Forecasting Change for the Global Economy

Jan 07 , 2014
  • Zhang Monan

    Senior Fellow, China Int'l Economic Exchanges Center

Five years after the financial crisis broke out on Dec 19, the US Federal Reserve began to end its quantitative easing, lowering its monthly bond purchase scale from $85 billion to $75 billion, and ushering the global currency financial environment into a new currency financial period.

Zhang Monan

Since 2010, the FED’s QE has achieved remarkable effects in de-leveraging the private sector and financial departments in the United States. The rise of the stock market and the recovery of the real estate sector have also improved families’ balance sheets quickly. The rises of wealth effects and property saving stoke sustainable recovery of consumption.

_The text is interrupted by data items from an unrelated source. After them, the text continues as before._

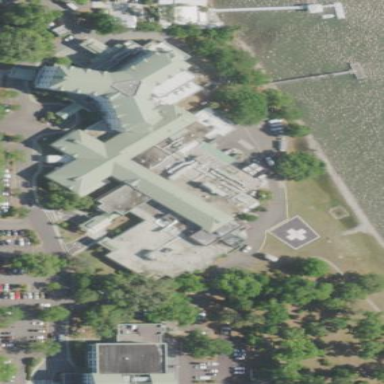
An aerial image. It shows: Hospital providing healthcare services.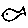
Label: fish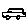
Label: car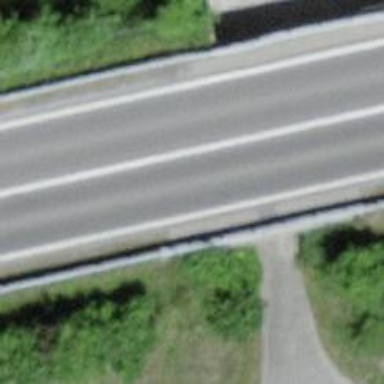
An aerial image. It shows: Bridge over trunk highway that serves as motorroad.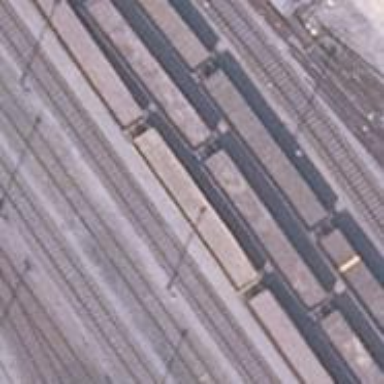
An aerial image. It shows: Railway siding for service.

The three rounds of QE policies have also improved the growth quality and sustainability of the US economy as well as the driving force for economic growth. Economic output has recovered to its pre-crisis level. The rise of manufacturing production efficiency and the improvement of the trade balance have put the US economy on a sustainable recovery track. In this sense, the QE has basically fulfilled its historical mission and the recovery of monetary policy is imperative.

The withdrawal of QE will change the global currency financial environment and the direction of money flows. We can compare the global fund structure into such a format with the US as the core, the emerging economies as the surface layer, and Japan and the Europe as the middle layer.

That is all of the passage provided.